Alternatively, integrate by parts
\begin{align} &\int_{0}^{\infty} \frac{1-3\cos 2x+2\cos 3x}{x^2} dx\\ = &\int_{0}^{\infty} \frac{6\sin 2x-6\sin 3x}{x} dx\\ =& \>6 \int_{0}^{\infty} \frac{\sin 2x}{2x} d(2x) - 6 \int_{0}^{\infty} \frac{\sin 3x}{3x} d(3x) \\ =&\>0 \end{align}
Here is an approach that uses the following identity for Laplace transforms $$\int_0^\infty f(x) g(x) \, dx = \int_0^\infty \mathcal{L} \{f(x)\} (s)\mathcal{L}^{-1} \{g(x)\} (s) \, ds.$$ Recently this identity has been referred as the Maz identity for Laplace transforms.
Setting $f(x) = 1 - 3\cos 2x + 3 \cos 3x$ and $g(x) = \frac{1}{x^2}$, it is easy to see that \begin{align*} \mathcal{L}\{f(x)\} &= \mathcal{L}\{1 - 3\cos 2x + 2 \cos 3x\} = \mathcal{L}\{1\} - 3 \mathcal{L}\{\cos 2x \} + 2 \mathcal{L}\{\cos 3x \}\\ &= \frac{1}{s} - \frac{3s}{s^2 + 4} + \frac{2s}{s^2 + 9}, \end{align*} and $$\mathcal{L}^{-1} \{g(x)\} = \mathcal{L}^{-1} \left \{\frac{1}{x^2} \right \} = s.$$ So from the Maz identity one has \begin{align*} \int_0^\infty \frac{1 - 3\cos 2x + 2 \cos 3x}{x^2} \, dx &= \int_0^\infty \left [\frac{1}{s} - \frac{3s}{s^2 + 4} + \frac{2s}{s^2 + 9} \right ] s \, ds\\ &= \int_0^\infty \left [1 - 3 \frac{s^2}{s^2 + 4} + 2 \frac{s^2}{s^2 + 9} \right ] \, ds\\ &= \int_0^\infty \left [1 - 3 \frac{(s^2 + 4) - 4}{s^2 + 4} + 2 \frac{(s^2 + 9) - 9}{s^2 + 9} \right ] \, ds\\ &= \int_0^\infty \left [1 - 3 + \frac{12}{s^2 + 4} + 2 - \frac{18}{s^2 + 9} \right ] \, ds\\ &= 12 \int_0^\infty \frac{ds}{s^2 + 4} - 18 \int_0^\infty \frac{ds}{s^2 + 9}\\ &= 6 \arctan \left (\frac{s}{2} \right ) \Big{|}_0^\infty - 6 \arctan \left (\frac{s}{3} \right ) \Big{|}_0^\infty\\ &= 6 \cdot \frac{\pi}{2} - 6 \cdot \frac{\pi}{2} = 0, \end{align*} as required to show.

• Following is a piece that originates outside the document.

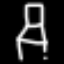
Label: chair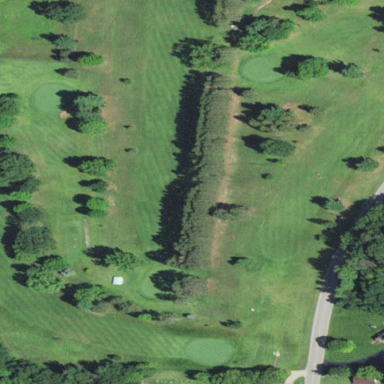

The result can be found almost immediately from the work in the question statement.
Note that
\begin{align*}
\int_{0}^{\infty} \frac{1-3\cos 2x+2\cos 3x}{x^2} dx
&= 6 \underbrace{\int_0^\infty\frac{1-\cos 2x}{2x^2}dx}_{\textrm{let }x=t/2} -
6 \underbrace{\int_0^\infty\frac{1-\cos 3x}{3x^2} dx}_{\textrm{let }x=t/3} \\
&= 6\int_0^\infty\frac{1-\cos t}{t^2} - 6\int_0^\infty\frac{1-\cos t}{t^2} \\
&= 0.
\end{align*}
It remains to show that
$(1-\cos 2x)/(2x^2)$ and
$(1-\cos 3x)/(3x^2)$ are integrable on $[0,\infty)$, which is a straightforward exercise.